== WHAT YOU NEED TO DO ==
The answer must be an exact copy of the lines from the one with "Transcribe the Devanagari" through the final line below, with no pictures and nothing else.

--- DATA ---

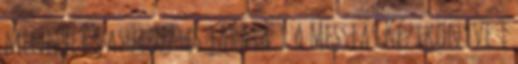
mennyei vasút 777-es járata 1 A Messiás Kézikönyve 1
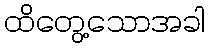
ထိတွေ့သောအခါ
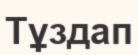
Тұздап
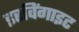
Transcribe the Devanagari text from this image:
इरविंगाइट
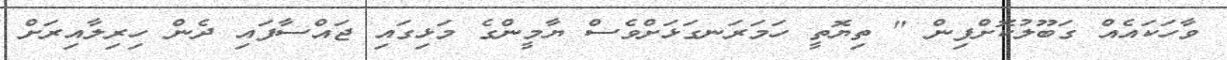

---

== OUTPUT ==
Transcribe the Devanagari text from this image:
इरविंगाइट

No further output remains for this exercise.